On the Flight Path: How Simulation is Shaping the Future of Autonomy in Aerospace and Defense

There’s a lot of buzz around self-driving vehicles — even those that can fly. In aerospace and defense (A&D), autonomous aircraft will soon take to the skies to deliver a faster, cheaper, cleaner, safer, more integrated means of transportation. And it will without a doubt revolutionize defense and commercial aerospace industries. With numerous applications in defense and civilian sectors, full autonomy will change the way air mobility is perceived today.

Similar to other applications, the defense industry usually is the pioneering force behind major aerospace inventions, however, the spillover benefits can certainly be seen in commercial aerospace as well. While the defense industry has already developed capable unmanned drones, only early levels of autonomy functions —like pilot assistance systems — can be seen in today’s commercial aircraft.

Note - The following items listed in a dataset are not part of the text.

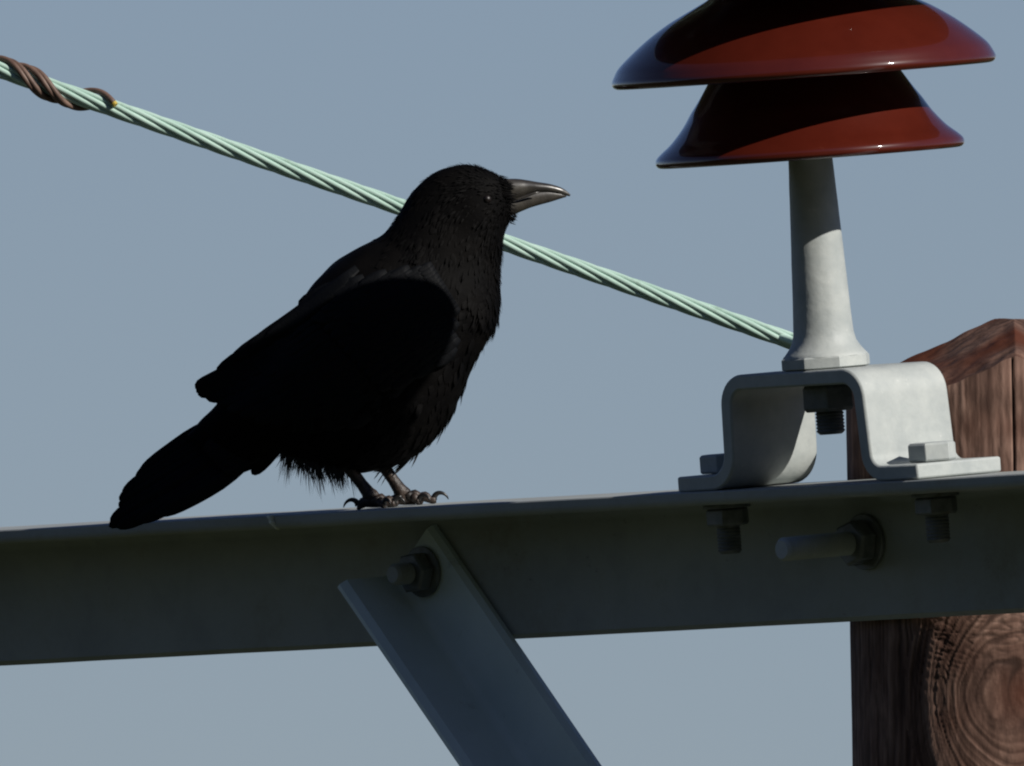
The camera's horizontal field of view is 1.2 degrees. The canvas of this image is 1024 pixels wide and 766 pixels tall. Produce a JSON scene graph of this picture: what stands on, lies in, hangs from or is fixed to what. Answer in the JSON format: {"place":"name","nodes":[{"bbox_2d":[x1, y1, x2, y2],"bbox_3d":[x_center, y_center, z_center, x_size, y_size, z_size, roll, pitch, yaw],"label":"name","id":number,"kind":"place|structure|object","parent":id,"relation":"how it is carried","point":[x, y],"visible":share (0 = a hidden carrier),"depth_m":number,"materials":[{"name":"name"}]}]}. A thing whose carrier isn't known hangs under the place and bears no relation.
{"place":"outdoors","nodes":[
{"label":"outdoors","id":0,"kind":"place"},
{"bbox_2d":[0,0,1023,765],"label":"sky","id":1,"kind":"structure","parent":0,"point":[135,260],"materials":[{"name":"blue"}]},
{"bbox_3d":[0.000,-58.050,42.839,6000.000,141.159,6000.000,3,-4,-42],"label":"ground","id":2,"kind":"structure","parent":0,"visible":0},
{"bbox_2d":[846,318,1023,765],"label":"utility pole","id":3,"kind":"object","parent":2,"relation":"on","point":[939,691],"visible":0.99,"depth_m":39.73,"materials":[{"name":"brown wood"}]},
{"bbox_2d":[0,61,792,348],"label":"conductor cable","id":4,"kind":"object","parent":3,"relation":"attached to","point":[387,202],"visible":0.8,"depth_m":40.59,"materials":[{"name":"green metal"}]},
{"bbox_2d":[0,55,117,110],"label":"tie wire","id":5,"kind":"object","parent":4,"relation":"attached to","point":[21,69],"visible":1,"depth_m":40.59,"materials":[{"name":"brown metal"}]},
{"bbox_2d":[0,471,1023,665],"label":"crossarm","id":6,"kind":"object","parent":3,"relation":"attached to","point":[657,561],"visible":1,"depth_m":40.04,"materials":[{"name":"metal"}]},
{"bbox_2d":[109,163,569,529],"bbox_3d":[-0.141,-0.030,40.124,0.378,0.301,0.114,0,-3,0],"label":"crow","id":7,"kind":"object","parent":6,"relation":"on","point":[353,365],"visible":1,"depth_m":40.10,"materials":[{"name":"black"}]},
{"bbox_2d":[338,525,601,765],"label":"diagonal brace","id":8,"kind":"object","parent":6,"relation":"attached to","point":[456,657],"visible":1,"depth_m":40.10,"materials":[{"name":"grey metal"}]},
{"bbox_2d":[678,362,1000,553],"bbox_3d":[0.262,0.059,39.713,0.101,0.151,0.290,3,-4,-42],"label":"mounting bracket","id":9,"kind":"object","parent":6,"relation":"attached to","point":[902,415],"visible":1,"depth_m":39.67,"materials":[{"name":"metal"}]},
{"bbox_2d":[612,0,995,434],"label":"pin insulator","id":10,"kind":"object","parent":9,"relation":"attached to","point":[808,90],"visible":1,"depth_m":39.62,"materials":[{"name":"ceramic"}]}
]}

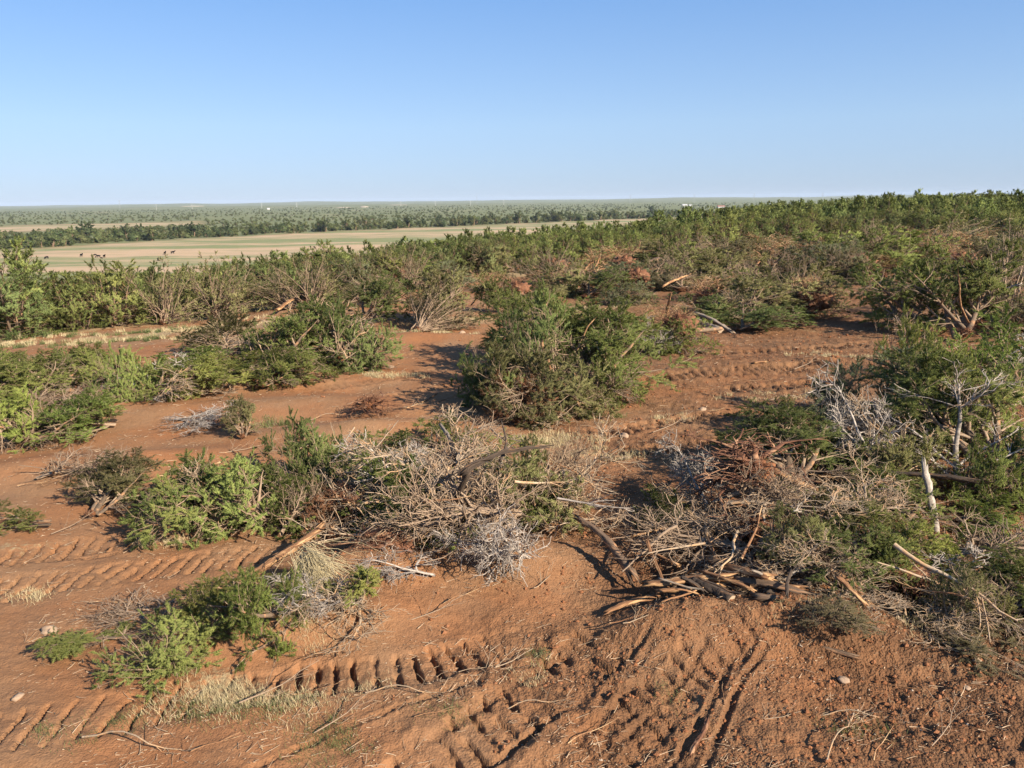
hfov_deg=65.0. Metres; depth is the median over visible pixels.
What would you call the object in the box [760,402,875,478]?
uprooted juniper
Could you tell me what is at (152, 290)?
standing juniper
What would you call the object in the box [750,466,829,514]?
uprooted juniper
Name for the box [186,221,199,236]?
broad tree
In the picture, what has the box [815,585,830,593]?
fallen log
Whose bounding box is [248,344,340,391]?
uprooted juniper
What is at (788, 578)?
fallen log
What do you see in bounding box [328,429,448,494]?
dead brush
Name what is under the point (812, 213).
standing juniper
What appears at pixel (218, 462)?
loose branch
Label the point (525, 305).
uprooted juniper
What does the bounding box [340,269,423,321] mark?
uprooted juniper
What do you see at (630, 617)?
loose branch
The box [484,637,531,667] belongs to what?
loose branch
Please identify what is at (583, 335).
torn branch
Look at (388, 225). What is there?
broad tree
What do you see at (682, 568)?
fallen log
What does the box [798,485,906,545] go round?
uprooted juniper
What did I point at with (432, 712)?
loose branch
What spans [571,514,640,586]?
torn log
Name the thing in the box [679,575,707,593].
fallen log
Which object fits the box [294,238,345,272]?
standing juniper
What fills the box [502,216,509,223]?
broad tree
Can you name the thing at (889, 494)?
dead brush
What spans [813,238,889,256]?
uprooted juniper
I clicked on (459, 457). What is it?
dead brush
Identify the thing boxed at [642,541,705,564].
loose branch
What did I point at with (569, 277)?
uprooted juniper
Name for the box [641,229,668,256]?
standing juniper
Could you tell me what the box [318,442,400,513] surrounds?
dead brush
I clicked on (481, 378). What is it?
uprooted juniper
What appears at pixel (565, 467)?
loose branch
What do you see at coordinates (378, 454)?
dead brush
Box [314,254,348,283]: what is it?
standing juniper
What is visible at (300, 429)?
uprooted juniper
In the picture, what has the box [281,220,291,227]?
broad tree
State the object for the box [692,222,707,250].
standing juniper
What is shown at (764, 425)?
uprooted juniper
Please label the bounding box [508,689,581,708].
loose branch
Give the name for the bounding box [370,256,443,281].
uprooted juniper
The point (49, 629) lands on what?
stone
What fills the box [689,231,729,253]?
dead brush
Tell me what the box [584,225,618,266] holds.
standing juniper
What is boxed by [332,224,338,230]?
broad tree
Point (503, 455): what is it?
snapped branch
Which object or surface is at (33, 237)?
broad tree
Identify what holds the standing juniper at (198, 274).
on the ground at (484, 616)
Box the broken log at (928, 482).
[921,457,939,532]
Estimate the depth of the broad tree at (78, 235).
521.01 m
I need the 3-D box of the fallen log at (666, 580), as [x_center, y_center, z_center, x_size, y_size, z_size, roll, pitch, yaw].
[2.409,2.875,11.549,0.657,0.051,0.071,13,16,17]
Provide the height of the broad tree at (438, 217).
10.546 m
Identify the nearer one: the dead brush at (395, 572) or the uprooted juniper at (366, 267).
the dead brush at (395, 572)
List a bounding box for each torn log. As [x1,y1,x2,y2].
[234,545,300,583]
[271,521,325,555]
[274,297,294,311]
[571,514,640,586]
[603,594,662,615]
[640,573,737,586]
[662,273,690,287]
[706,554,777,580]
[748,452,830,494]
[822,564,879,613]
[1004,283,1022,292]
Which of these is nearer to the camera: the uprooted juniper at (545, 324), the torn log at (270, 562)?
the torn log at (270, 562)
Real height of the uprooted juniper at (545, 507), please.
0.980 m
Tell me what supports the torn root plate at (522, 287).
on the ground at (484, 616)
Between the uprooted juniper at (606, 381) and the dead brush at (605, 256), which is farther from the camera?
the dead brush at (605, 256)
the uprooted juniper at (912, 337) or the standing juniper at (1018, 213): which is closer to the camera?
the uprooted juniper at (912, 337)
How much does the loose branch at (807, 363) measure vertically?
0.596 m
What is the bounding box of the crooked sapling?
[956,264,968,337]
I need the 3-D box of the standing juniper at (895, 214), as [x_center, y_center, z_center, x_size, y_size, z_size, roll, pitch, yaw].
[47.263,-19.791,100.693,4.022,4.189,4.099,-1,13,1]
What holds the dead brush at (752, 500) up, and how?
on the ground at (484, 616)
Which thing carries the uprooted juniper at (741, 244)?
on the ground at (484, 616)
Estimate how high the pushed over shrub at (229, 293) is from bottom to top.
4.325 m
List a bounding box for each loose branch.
[17,475,60,486]
[51,511,93,533]
[53,669,91,678]
[82,721,203,763]
[150,461,220,479]
[191,732,240,751]
[219,438,259,452]
[239,656,322,703]
[292,680,344,694]
[308,468,339,504]
[310,406,362,420]
[314,685,374,732]
[339,498,381,510]
[353,495,429,509]
[365,674,458,698]
[411,589,466,619]
[412,495,480,507]
[414,707,451,716]
[443,583,481,603]
[445,501,483,520]
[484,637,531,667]
[490,427,518,450]
[508,434,533,457]
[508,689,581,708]
[513,480,584,488]
[533,558,555,588]
[543,455,586,479]
[557,493,631,511]
[568,711,623,743]
[609,609,654,623]
[616,524,677,571]
[623,597,658,623]
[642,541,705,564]
[653,407,692,432]
[688,511,727,556]
[701,530,749,578]
[740,502,772,559]
[749,701,800,719]
[768,391,819,403]
[782,541,817,582]
[784,493,811,513]
[794,351,822,369]
[797,469,845,511]
[809,472,879,486]
[820,468,871,497]
[821,701,916,727]
[826,698,881,759]
[861,561,950,586]
[873,720,893,760]
[893,543,1023,645]
[896,579,969,599]
[909,461,950,471]
[931,693,966,745]
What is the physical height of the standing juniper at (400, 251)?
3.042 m
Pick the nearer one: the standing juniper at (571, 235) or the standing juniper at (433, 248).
the standing juniper at (433, 248)
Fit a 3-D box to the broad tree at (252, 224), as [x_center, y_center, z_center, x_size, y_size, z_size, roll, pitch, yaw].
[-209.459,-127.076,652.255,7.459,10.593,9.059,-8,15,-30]
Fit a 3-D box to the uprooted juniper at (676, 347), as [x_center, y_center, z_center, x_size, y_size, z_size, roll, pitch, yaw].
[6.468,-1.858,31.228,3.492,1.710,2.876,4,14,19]
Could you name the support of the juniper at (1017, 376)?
on the ground at (484, 616)
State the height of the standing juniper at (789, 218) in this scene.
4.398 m
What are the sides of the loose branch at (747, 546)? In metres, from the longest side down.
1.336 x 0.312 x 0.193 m
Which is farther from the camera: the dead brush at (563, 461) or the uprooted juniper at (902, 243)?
the uprooted juniper at (902, 243)
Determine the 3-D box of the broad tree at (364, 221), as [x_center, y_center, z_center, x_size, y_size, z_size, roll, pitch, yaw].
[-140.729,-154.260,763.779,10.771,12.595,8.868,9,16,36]
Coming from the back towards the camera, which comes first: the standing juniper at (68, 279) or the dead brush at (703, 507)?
the standing juniper at (68, 279)
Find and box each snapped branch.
[403,393,437,409]
[438,423,455,460]
[446,458,488,478]
[497,418,506,461]
[630,527,665,536]
[644,536,670,600]
[687,716,709,759]
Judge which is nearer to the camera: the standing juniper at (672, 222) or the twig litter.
the twig litter
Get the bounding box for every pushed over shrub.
[121,253,210,326]
[174,250,280,318]
[237,263,309,309]
[264,248,358,306]
[348,243,422,283]
[384,240,451,288]
[404,275,491,331]
[503,237,587,287]
[827,240,849,272]
[850,215,957,251]
[917,208,1021,249]
[932,209,1023,324]
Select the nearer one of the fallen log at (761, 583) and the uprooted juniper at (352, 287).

Benefits of Autonomy in Defense

There are numerous benefits that the defense industry stands to gain with higher levels of autonomy. Benefits such as:

  • Mission efficiency: Defense missions are often time sensitive, and greater efficiency is more of a necessity than a benefit. With higher levels of automation comes greater accuracy as autonomous systems are much more precise in performing predefined tasks and missions compared to their human counterparts.  
  • Lower risk: Missions often involve high risk activities such as search and rescue in unfriendly environments, and handling and disposal of hazardous materials. Any level of autonomy that reduces the human presence and physical boots on the ground to perform dangerous actions certainly lowers the risk factors involved.
  • Endurance: Long duration missions can increase fatigue, raising the overall level of risk. The endurance of autonomous machines for long duration missions — like search and rescue — is highly valuable.
  • Scalability: Autonomous systems can work independently or networked together to perform in cohorts, depending on the nature of the exercise. The ability to jointly work together with pinpoint precision greatly enhances flexibility, scalability, and efficiency all while lowering execution time.
  • Faster response time: Autonomous systems enable processing of large data sets under real-time conditions. Near instantaneous processing of raw data and the subsequent instantaneous decisions far supersede human capabilities in any given condition.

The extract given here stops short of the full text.